▽
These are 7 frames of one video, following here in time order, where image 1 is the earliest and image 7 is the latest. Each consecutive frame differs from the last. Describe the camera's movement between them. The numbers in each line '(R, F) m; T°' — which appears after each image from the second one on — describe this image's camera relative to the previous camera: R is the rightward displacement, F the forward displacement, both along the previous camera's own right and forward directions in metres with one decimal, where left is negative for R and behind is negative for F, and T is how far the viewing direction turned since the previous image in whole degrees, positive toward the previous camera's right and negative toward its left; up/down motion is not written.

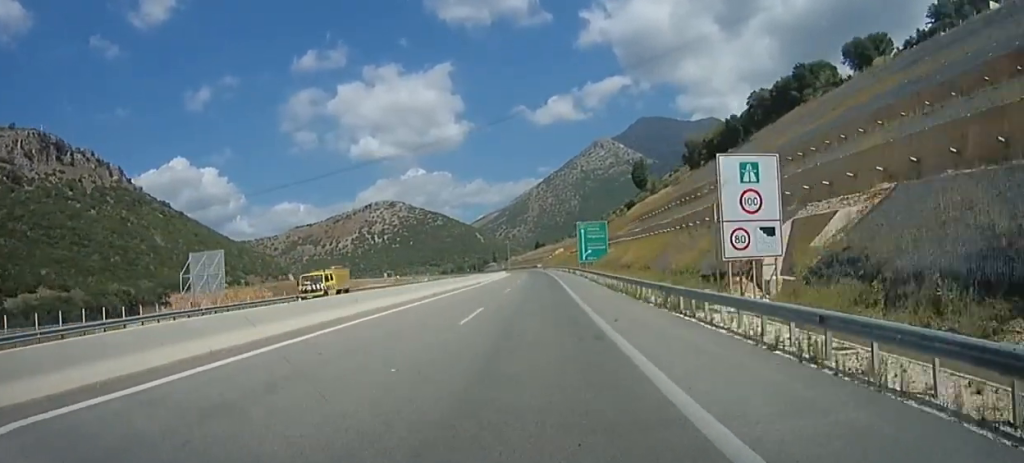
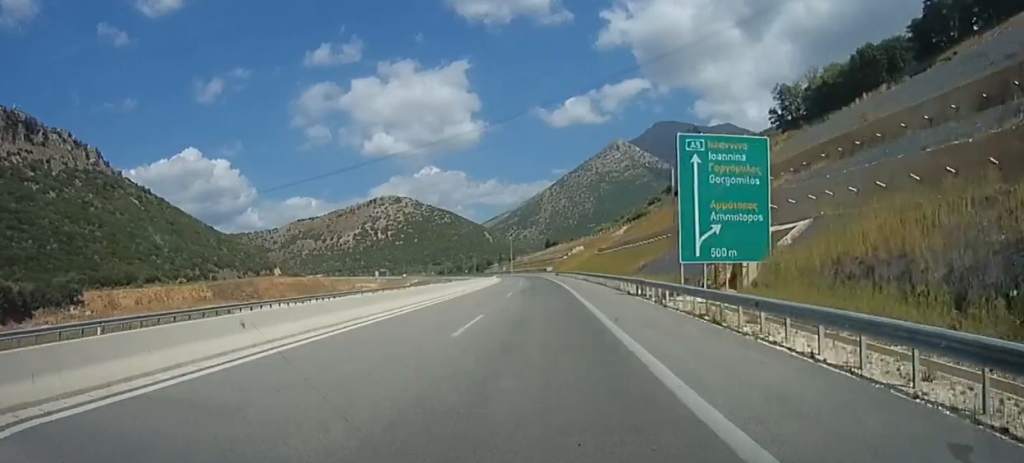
(-0.4, +56.4) m; -1°
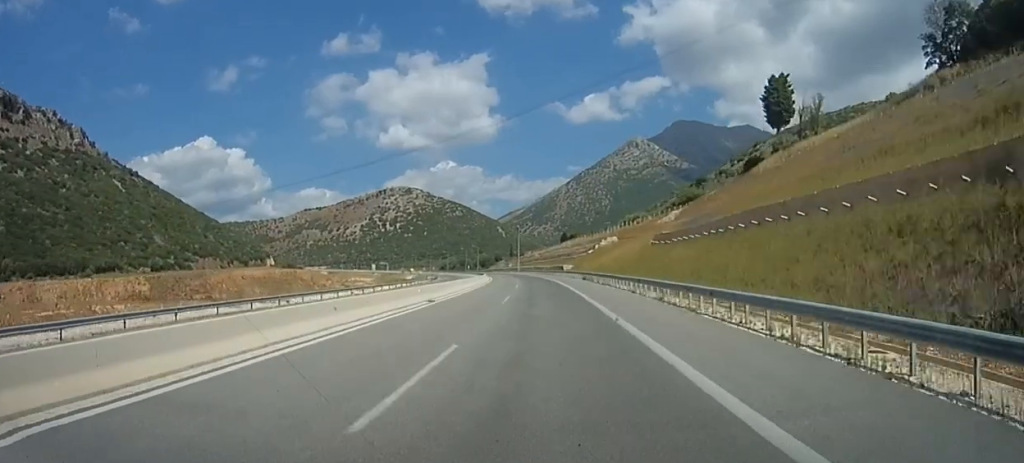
(-0.3, +43.5) m; -1°
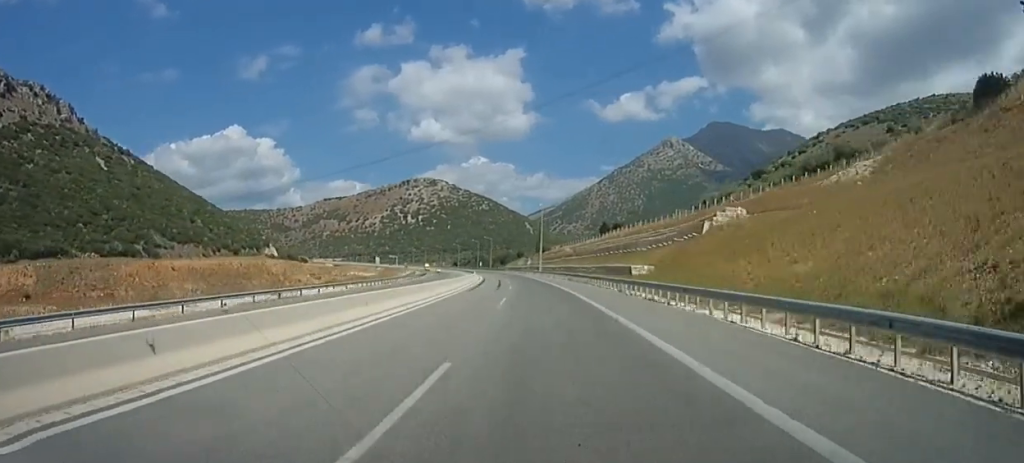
(-0.8, +57.4) m; -3°
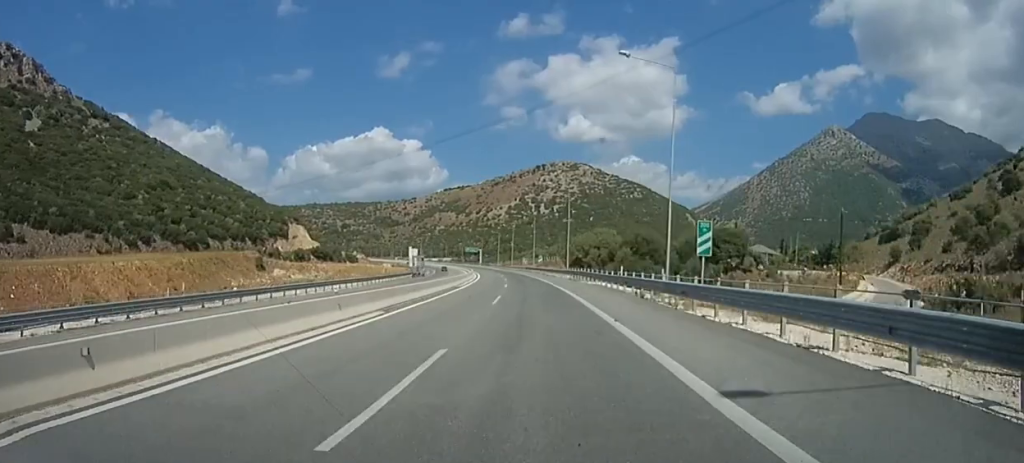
(-28.6, +196.3) m; -17°
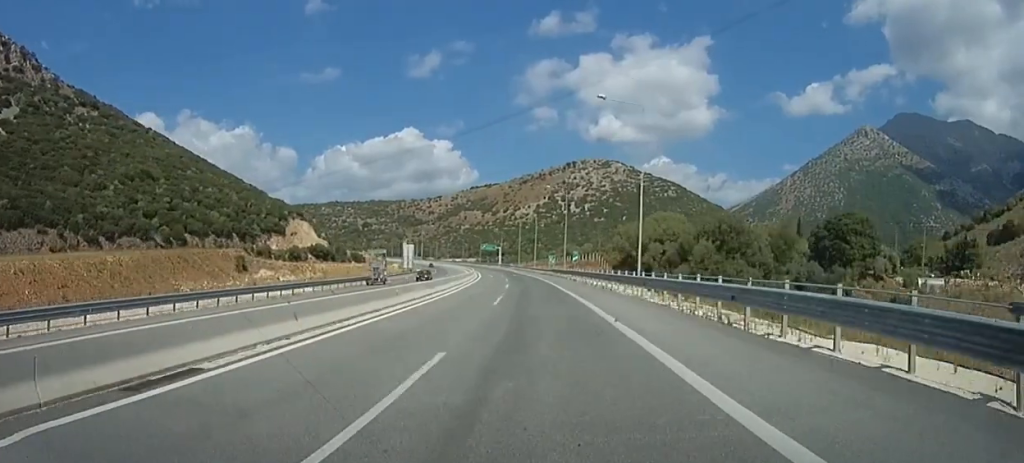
(-1.4, +37.7) m; -3°
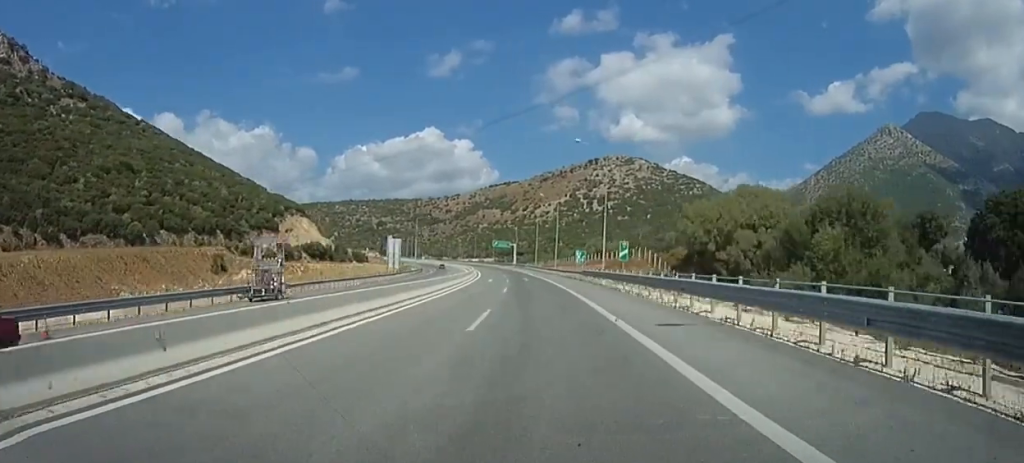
(-0.3, +28.3) m; -2°
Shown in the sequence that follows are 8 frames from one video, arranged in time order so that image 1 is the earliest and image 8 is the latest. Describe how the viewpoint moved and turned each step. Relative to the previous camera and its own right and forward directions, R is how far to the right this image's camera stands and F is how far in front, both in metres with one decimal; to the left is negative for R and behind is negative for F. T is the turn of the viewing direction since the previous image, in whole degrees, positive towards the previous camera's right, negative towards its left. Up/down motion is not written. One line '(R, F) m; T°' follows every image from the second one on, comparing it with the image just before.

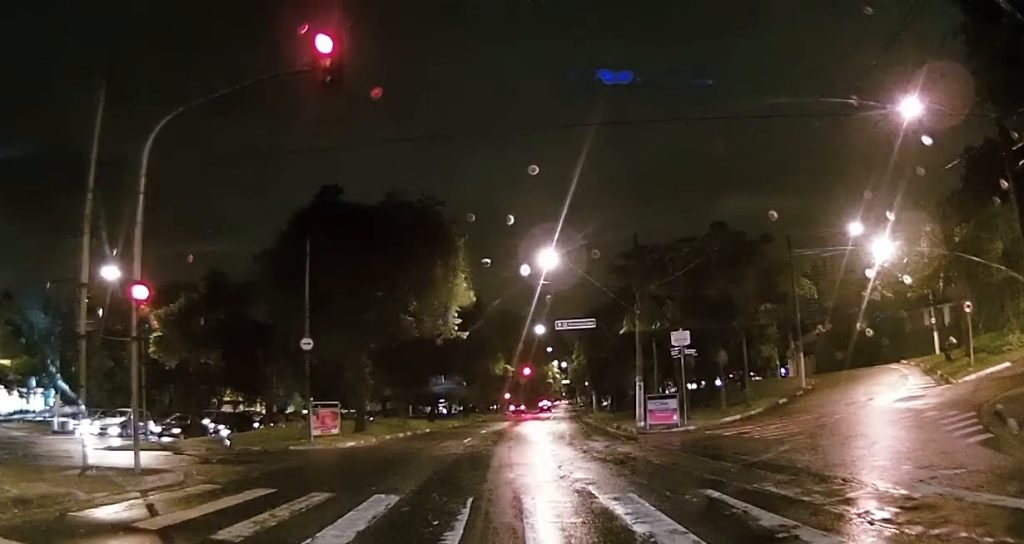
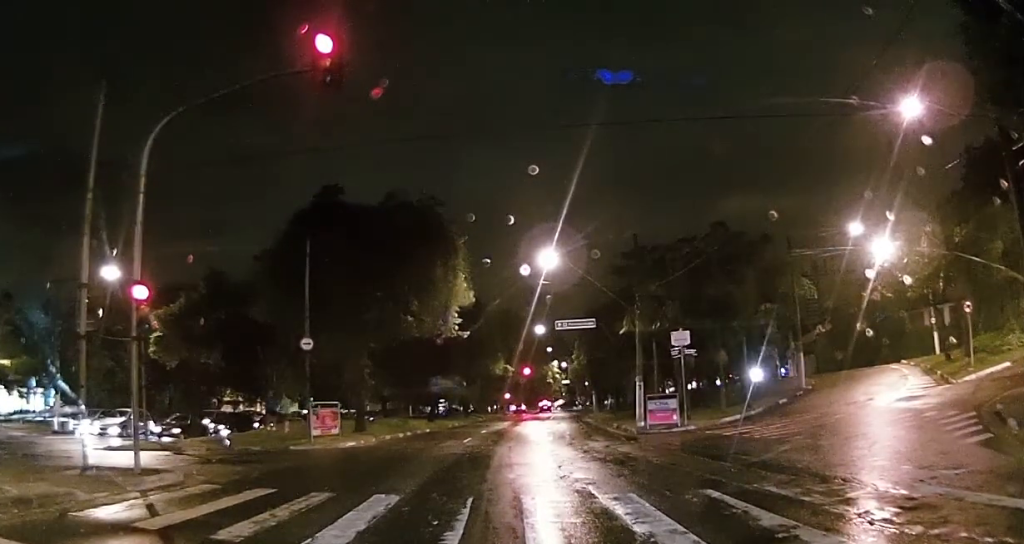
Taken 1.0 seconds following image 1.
△
__ACTIVITY__
Every line of the listing above is to be retyped exactly, but the pictures are to be dropped.

__RESULT FOR THIS TASK__
These are 7 frames of one video, following here in time order, where image 1 is the earliest and image 7 is the latest. Each consecutive frame differs from the last. Describe the camera's movement between them. The numbers in each line '(R, F) m; T°' — which appears after each image from the second one on — describe this image's camera relative to the previous camera: R is the rightward displacement, F the forward displacement, both along the previous camera's own right and forward directions in metres with one decimal, where left is negative for R and behind is negative for F, and T is how far the viewing direction turned since the previous image in whole degrees, positive toward the previous camera's right and negative toward its left; up/down motion is not written.

(-0.4, +56.4) m; -1°
(-0.3, +43.5) m; -1°
(-0.8, +57.4) m; -3°
(-28.6, +196.3) m; -17°
(-1.4, +37.7) m; -3°
(-0.3, +28.3) m; -2°
Shown in the sequence that follows are 8 frames from one video, arranged in time order so that image 1 is the earliest and image 8 is the latest. Describe how the viewpoint moved and turned each step. Relative to the previous camera and its own right and forward directions, R is how far to the right this image's camera stands and F is how far in front, both in metres with one decimal; to the left is negative for R and behind is negative for F. T is the turn of the viewing direction since the previous image, in whole degrees, positive towards the previous camera's right, negative towards its left. Up/down motion is not written. One line '(R, F) m; T°' follows every image from the second one on, comparing it with the image just before.

Taken 1.0 seconds following image 1.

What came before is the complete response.